Metacognitive calibration in exercise : an examination using running and high-intensity functional movement exercise

Abstract

In the present thesis, I examined exercise calibration using running and high-intensity functional movement exercise (HIFME). In doing so, I analysed and presented results from eight studies across Chapters 2, 3, 4, and 5. In Chapters 2 and 3, I explored the extent to which demographic factors (e.g. expertise, experience, age, and gender) are effective in informing us about running and HIFME calibration. Studies 1 and 2 demonstrated that such factors do exhibit associations with running calibration, though the relatively minor strength and inconsistency of these associations also indicate that we should not overestimate the factors’ contributions. Study 3 found a positive role of having a HIFME background in HIFME calibration, but other demographic factors did not exhibit associations with it. Overall, results from Chapters 2 and 3 highlighted the importance of considering demographic factors when assessing athlete calibration. However, they also highlighted the importance of understanding their limitations when doing so. In Chapter 4, I examined whether we can use self-reports of exercise metacognition and cognitive calibration to predict running and HIFME calibration. There was no significant association between any of these measures and exercise calibration in Studies 4, 5, and 6, suggesting that metacognition self-reports and calibration from other modalities are not reliable predictors of exercise calibration.

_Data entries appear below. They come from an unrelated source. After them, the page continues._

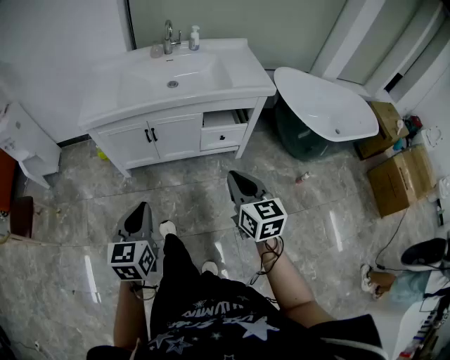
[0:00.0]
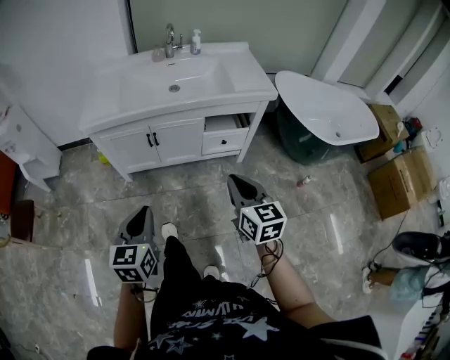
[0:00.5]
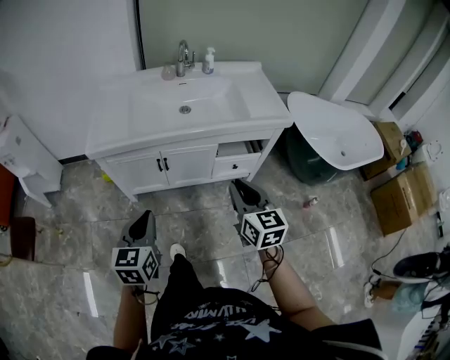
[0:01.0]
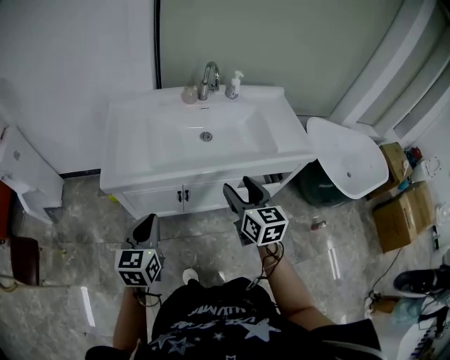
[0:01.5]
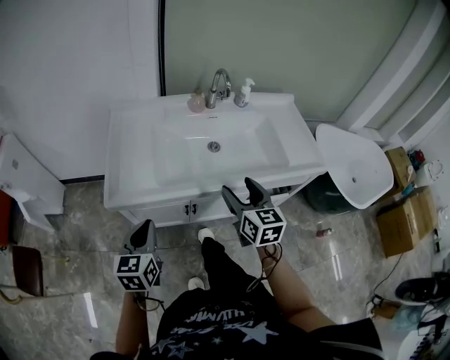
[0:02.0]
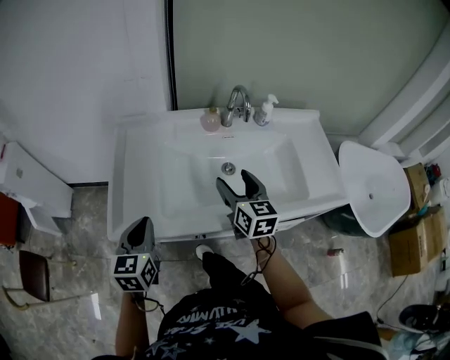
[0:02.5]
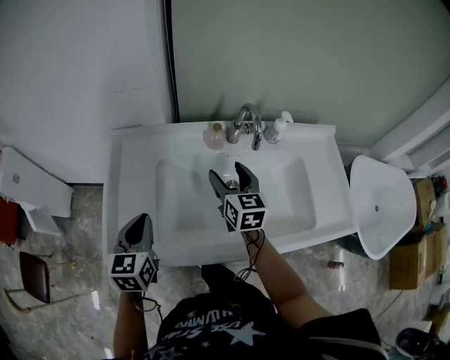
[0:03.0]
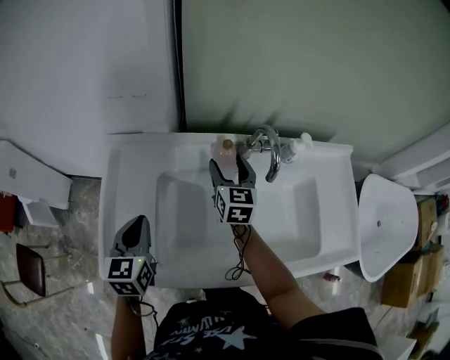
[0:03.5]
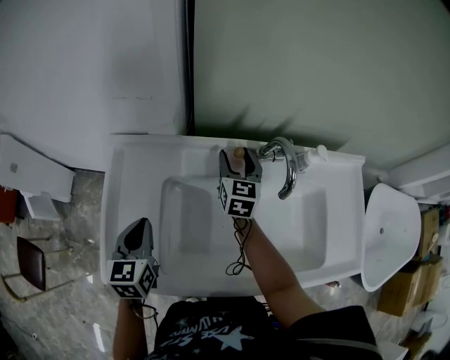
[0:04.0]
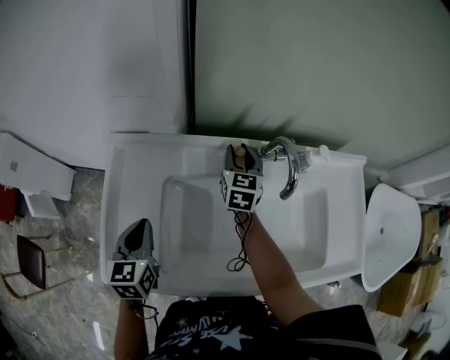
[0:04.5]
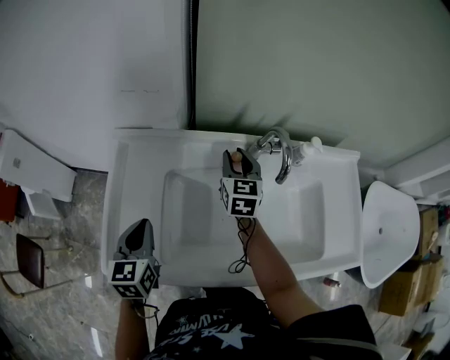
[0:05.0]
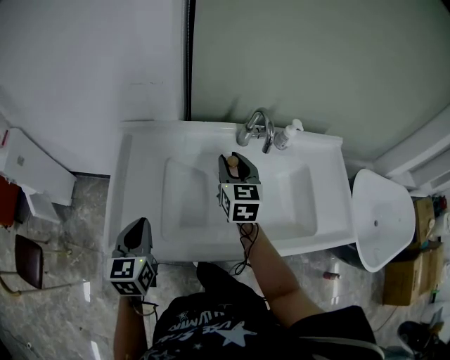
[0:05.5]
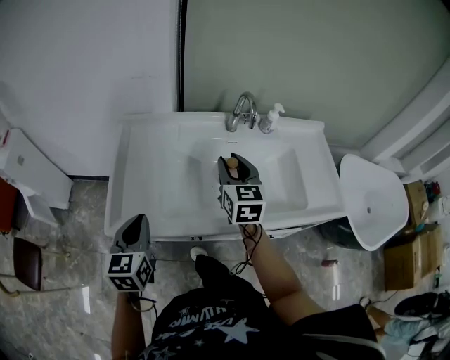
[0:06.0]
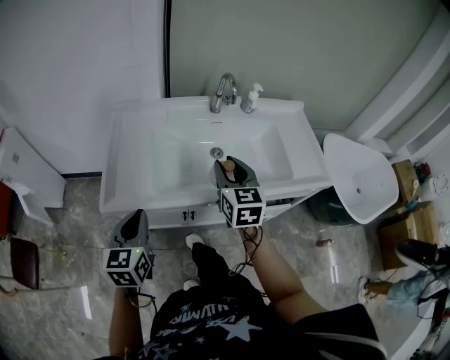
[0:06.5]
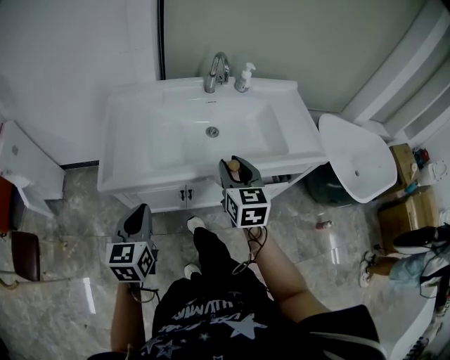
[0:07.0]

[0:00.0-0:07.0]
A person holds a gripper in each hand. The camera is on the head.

In Chapter 5, I tested whether a minimal metacognitive intervention in the form of prediction guidance would lead to improved exercise calibration when participants received strategic, as opposed to impulsive, instructions. Findings from Studies 7 and 8 illustrated that strategic predictions facilitated prediction precision compared to impulsive predictions, though their effects on bias appeared to be less consistent and more dependent upon instructions. In Chapter 6, I discussed the general implications of the present thesis, and proposed ways in which future research can further explore the field of exercise calibration.